No colony after ligation - (May/03/2006 )
I moved into a new lab weeks ago, I tried to construct vectors but no colony at all(even no background colony) after the ligation. So I tried to do self-ligation but also failed(single enzyme cut, recover from gel and ligate ON at 16C). My competent cells can be transformed by plasmids and TA vector(ligation-free), but not the ligation. I thought it shoud be the problem of ligation. I run a gel to check the ligation products and it looks good. I tried different ligase from 2 to company(invitrogen and NEB), they were same.

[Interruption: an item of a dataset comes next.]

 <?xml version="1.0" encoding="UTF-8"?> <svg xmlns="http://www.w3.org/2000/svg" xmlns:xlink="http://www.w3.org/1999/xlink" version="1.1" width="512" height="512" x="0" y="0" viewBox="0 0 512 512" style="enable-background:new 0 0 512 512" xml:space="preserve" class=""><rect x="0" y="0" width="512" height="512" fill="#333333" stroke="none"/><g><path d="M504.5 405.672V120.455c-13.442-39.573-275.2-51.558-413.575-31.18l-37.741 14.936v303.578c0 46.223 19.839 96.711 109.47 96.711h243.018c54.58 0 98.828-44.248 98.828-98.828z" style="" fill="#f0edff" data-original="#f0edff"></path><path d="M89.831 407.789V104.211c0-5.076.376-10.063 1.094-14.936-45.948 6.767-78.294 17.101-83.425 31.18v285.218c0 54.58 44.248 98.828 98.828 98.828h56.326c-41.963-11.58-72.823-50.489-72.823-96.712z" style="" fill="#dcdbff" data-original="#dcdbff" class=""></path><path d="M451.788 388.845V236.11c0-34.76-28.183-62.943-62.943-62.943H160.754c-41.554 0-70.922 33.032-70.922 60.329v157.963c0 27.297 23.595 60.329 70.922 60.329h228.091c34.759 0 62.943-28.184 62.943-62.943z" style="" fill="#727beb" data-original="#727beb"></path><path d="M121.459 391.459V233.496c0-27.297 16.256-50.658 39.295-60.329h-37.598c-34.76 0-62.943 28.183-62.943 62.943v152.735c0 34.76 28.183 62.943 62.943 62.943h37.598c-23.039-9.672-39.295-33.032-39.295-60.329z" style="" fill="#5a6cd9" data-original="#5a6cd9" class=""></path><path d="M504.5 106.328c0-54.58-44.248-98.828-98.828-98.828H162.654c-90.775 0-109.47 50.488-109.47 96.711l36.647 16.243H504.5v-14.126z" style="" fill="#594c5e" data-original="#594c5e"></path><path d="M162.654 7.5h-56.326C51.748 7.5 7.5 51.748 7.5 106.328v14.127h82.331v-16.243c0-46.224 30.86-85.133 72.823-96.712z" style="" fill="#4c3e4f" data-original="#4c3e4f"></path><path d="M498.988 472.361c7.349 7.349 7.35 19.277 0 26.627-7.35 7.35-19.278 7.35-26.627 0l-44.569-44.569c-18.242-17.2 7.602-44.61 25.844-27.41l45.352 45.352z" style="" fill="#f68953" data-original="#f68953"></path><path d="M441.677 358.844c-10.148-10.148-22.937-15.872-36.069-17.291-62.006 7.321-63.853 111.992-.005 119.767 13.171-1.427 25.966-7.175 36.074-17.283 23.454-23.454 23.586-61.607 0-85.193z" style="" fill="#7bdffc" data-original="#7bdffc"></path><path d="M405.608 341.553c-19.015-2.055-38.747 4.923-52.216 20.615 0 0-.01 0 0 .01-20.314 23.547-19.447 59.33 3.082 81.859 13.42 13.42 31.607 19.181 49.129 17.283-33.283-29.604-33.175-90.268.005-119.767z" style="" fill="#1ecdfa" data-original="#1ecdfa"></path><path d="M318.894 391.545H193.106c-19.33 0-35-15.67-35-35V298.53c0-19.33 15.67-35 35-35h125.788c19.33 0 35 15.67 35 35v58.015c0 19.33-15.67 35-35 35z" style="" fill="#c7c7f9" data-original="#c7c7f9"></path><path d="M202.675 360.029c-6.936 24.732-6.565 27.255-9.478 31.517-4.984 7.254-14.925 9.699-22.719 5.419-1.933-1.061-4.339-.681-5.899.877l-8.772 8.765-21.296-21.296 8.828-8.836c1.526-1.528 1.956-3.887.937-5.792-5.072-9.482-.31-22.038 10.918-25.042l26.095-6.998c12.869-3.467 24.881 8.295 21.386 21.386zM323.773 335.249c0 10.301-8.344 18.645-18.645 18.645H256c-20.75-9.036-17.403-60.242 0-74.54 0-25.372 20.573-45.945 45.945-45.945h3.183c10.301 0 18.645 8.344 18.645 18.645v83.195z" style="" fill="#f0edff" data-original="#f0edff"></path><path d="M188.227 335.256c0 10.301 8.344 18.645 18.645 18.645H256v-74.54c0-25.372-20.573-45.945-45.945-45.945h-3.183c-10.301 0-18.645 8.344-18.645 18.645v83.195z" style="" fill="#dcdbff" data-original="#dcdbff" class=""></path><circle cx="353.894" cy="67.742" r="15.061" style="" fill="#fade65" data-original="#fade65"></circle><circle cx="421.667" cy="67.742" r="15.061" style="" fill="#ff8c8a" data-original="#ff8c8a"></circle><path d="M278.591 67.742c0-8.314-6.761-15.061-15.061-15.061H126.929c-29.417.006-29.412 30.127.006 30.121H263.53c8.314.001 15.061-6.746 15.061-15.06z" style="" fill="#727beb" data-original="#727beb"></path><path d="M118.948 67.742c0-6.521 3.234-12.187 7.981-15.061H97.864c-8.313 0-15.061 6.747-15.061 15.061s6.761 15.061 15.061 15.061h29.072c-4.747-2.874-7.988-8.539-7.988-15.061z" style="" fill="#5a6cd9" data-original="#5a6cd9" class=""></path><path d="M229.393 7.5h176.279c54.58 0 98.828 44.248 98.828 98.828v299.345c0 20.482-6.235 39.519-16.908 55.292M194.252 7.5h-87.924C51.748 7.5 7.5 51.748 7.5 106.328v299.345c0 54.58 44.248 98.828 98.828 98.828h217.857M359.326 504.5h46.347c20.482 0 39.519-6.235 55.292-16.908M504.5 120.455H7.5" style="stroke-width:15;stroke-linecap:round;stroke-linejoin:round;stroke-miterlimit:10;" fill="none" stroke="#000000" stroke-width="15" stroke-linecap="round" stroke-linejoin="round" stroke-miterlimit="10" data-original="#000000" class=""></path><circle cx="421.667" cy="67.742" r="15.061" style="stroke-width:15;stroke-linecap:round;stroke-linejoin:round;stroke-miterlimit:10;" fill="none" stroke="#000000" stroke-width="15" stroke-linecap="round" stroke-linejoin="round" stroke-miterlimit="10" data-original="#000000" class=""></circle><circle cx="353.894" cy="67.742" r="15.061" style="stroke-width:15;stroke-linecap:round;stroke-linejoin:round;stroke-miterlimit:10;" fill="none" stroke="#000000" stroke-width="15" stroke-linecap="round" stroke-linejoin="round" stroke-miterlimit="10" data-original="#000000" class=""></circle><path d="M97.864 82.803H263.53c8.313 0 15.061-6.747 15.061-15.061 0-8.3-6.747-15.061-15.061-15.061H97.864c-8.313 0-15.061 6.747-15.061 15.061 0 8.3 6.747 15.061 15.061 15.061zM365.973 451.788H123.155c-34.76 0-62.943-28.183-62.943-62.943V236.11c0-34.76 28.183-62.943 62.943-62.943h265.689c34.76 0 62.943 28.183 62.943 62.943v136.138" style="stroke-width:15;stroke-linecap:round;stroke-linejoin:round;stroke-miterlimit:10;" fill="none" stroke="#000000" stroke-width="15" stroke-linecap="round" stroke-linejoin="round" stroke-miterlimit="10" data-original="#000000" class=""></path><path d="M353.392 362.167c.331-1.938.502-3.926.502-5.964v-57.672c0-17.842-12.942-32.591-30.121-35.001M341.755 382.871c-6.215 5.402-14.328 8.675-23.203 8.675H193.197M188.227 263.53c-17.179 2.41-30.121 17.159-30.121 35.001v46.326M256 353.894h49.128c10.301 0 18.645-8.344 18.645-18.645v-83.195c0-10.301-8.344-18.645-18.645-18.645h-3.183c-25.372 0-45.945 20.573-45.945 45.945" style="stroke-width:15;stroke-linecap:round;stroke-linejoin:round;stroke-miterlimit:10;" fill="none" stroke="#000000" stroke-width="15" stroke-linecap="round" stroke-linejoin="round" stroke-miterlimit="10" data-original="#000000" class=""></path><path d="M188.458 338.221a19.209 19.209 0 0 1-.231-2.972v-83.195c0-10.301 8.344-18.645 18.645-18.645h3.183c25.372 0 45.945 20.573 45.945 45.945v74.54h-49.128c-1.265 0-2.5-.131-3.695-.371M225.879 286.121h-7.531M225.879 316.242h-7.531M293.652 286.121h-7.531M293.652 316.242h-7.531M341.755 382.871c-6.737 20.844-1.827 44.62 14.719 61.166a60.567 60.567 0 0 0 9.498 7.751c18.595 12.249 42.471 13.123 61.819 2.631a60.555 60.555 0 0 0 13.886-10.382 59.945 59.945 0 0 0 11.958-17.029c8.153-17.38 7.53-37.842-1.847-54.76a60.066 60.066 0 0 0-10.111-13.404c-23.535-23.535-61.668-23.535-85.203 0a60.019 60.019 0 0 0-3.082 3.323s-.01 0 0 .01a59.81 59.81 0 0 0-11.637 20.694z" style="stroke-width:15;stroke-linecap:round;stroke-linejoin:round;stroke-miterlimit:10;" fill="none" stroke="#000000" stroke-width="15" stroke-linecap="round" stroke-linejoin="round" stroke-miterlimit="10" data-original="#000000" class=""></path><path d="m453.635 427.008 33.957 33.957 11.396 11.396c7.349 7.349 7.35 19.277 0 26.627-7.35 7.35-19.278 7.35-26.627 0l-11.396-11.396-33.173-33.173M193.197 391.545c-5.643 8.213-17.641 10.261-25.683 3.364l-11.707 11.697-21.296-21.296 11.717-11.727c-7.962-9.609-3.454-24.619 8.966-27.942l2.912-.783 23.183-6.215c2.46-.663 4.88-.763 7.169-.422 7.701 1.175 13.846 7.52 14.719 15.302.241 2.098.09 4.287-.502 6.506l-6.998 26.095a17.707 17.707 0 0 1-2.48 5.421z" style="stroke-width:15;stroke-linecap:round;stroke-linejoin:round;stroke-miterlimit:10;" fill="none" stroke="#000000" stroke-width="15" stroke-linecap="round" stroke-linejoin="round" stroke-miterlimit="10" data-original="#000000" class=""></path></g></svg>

I've done a lot vector before, I don't know what's wrong I made in the new lab. Any suggestion would be appreciated.
what kind of efficiency are you getting with your transformation controls? supercoiled plasmid transforms at some crazy high efficiency....perhaps your ligation product is just transforming at a much lower efficiency and that is why it's not working.
Thanks for your reply.I use electroporation competent cells and one-tenth of my transformed cells can get more than 1000 colonies.I think it is enough for the ligation transformation. By the way, the colonies grow slower than normal ones, but I can get the plasmid from them. ......??
how much slower? perhaps there is too much antibiotic in your media?
20-24-hrs growths is as same as the normal O.N gowth(13-15). For Kan, I use 50ug/ml.
that sounds OK, although I think you can use a little less, 50 should still be all right
are you dialyzing or otherwise removing impurities from your ligation mix prior to electroporation?
are you dialyzing or otherwise removing impurities from your ligation mix prior to electroporation?
Thanks, I inactive the ligase in 65C and treat by chloroform before electroporation, this is the standard procedure I followed each time. I also did a control using the plasmid.